Indivisibilité de la justice en Palestine (2)

Sonia Dayan-Herzbrun
Indivisibilité de la justice en Palestine (2)
Sonia Dayan-HerzbrunIndivisibilité de la justice en Palestine (2)

 

J’apprécie tout particulièrement qu’on aborde aujourd’hui cette question si douloureuse de la Palestine non pas sous l’angle de la paix, car on peut parvenir à la paix par l’écrasement, l’expulsion ou le massacre des « adversaires », mais sous celui de la justice. Cependant je substituerai la notion de droit à celle de justice. La justice est une notion éthique. Le droit réunit l’ensemble des règles et des institutions à travers lesquelles les humains et les sociétés tentent de faire régner la justice.
Dans un article de 1967 et devenu célèbre, Maxime Rodinson parlait d’Israël comme d’un « fait colonial ». C’est de cette réalité coloniale, aujourd’hui largement déniée pas les politiques et les médias mainstream que je partirai.  Ce fait colonial a cependant été entériné par un vote de l’Assemblée générale des Nations Unies (résolution 181, 1947 ). Il n’y a là rien de très nouveau, la création de tous les États-nations modernes reposant sur des accords et des conventions.
Cependant dès le moment de sa création Israël viole cette décision internationale en outrepassant les frontières qui lui avaient été attribuées et en expropriant et en expulsant violemment une partie importante de la population palestinienne. La Nakba de 1948 n’a pas été un événement unique mais a structuré le mode d’établissement de l’État d’Israël. La question qui s’est posée alors et qui se pose aujourd’hui de façon exacerbée, est celle du silence complice des puissances occidentales.
Alain Dieckoff qualifie Israël d’État inachevé. Cet inachèvement se lit dans l’indétermination des frontières (absentes de la Loi fondamentale) qui permet à Israël d’étendre son territoire au détriment des Palestiniens (et des Druzes du Golan) en occupant, et en expropriant de façon violente et sans aucune légalité. Le droit international interdit en effet d’installer des populations civiles sur des territoires occupés par la force.
Cette politique d’occupation et de colonisation justifie le droit à la résistance. Comme le rappelle dans une interview donnée au Monde la juriste Françoise Bouchet-Saulnier, « Le droit des conflits reconnaît qu’il est légitime que les populations occupées organisent une forme de résistance à l’occupant.
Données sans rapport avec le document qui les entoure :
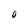
Character: O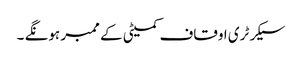
سیکرٹری اوقاف کمیٹی کے ممبر ہونگے ۔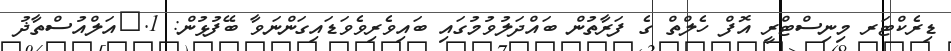
ޑިރެކްޓަރ މިނިސްޓްރީ އޮފް ހެލްތް ގެ ފަރާތުން ބައްދަލުވުމުގައި ބައިވެރިވެވަޑައިގަންނަވާ ބޭފުޅުން: 1.	އަލްއުސްތާޛު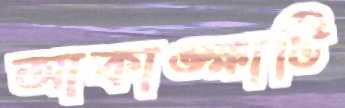
আকাঙ্ক্ষাটি

Ce n’est donc pas un crime au sens du droit international. En 1949, d’ailleurs, l’un des enjeux du droit des conflits armés a été de donner un statut aux civils résistants qui, pendant la seconde guerre mondiale, ont été considérés par l’Allemagne nazie comme des terroristes ». Il faut rappeler cependant que toute violence extrême contre les civils est sans contestation possible condamnable au regard des droits humains comme du droit des conflits.
La violence coloniale contre les Palestiniens a pris ces dernières semaines le visage d’une agression génocidaire exercée par Israël contre une population qu’au regard du droit international, cet État se devait de protéger en tant que puissance occupante. Au regard du droit international, comme le rappeler récemment encore Rony Brauman, la population des territoires palestiniens occupés, a le droit de se défendre.
L’incapacité depuis 75 ans de ce que l’on nomme les « puissances occidentales » à faire appliquer le droit, est signe d’une volonté obstinée à maintenir un ordre colonial au Proche-Orient.

Sonia Dayan-Herzbrun

Indivisibilité de la Justice en Palestine, 1/12/2023.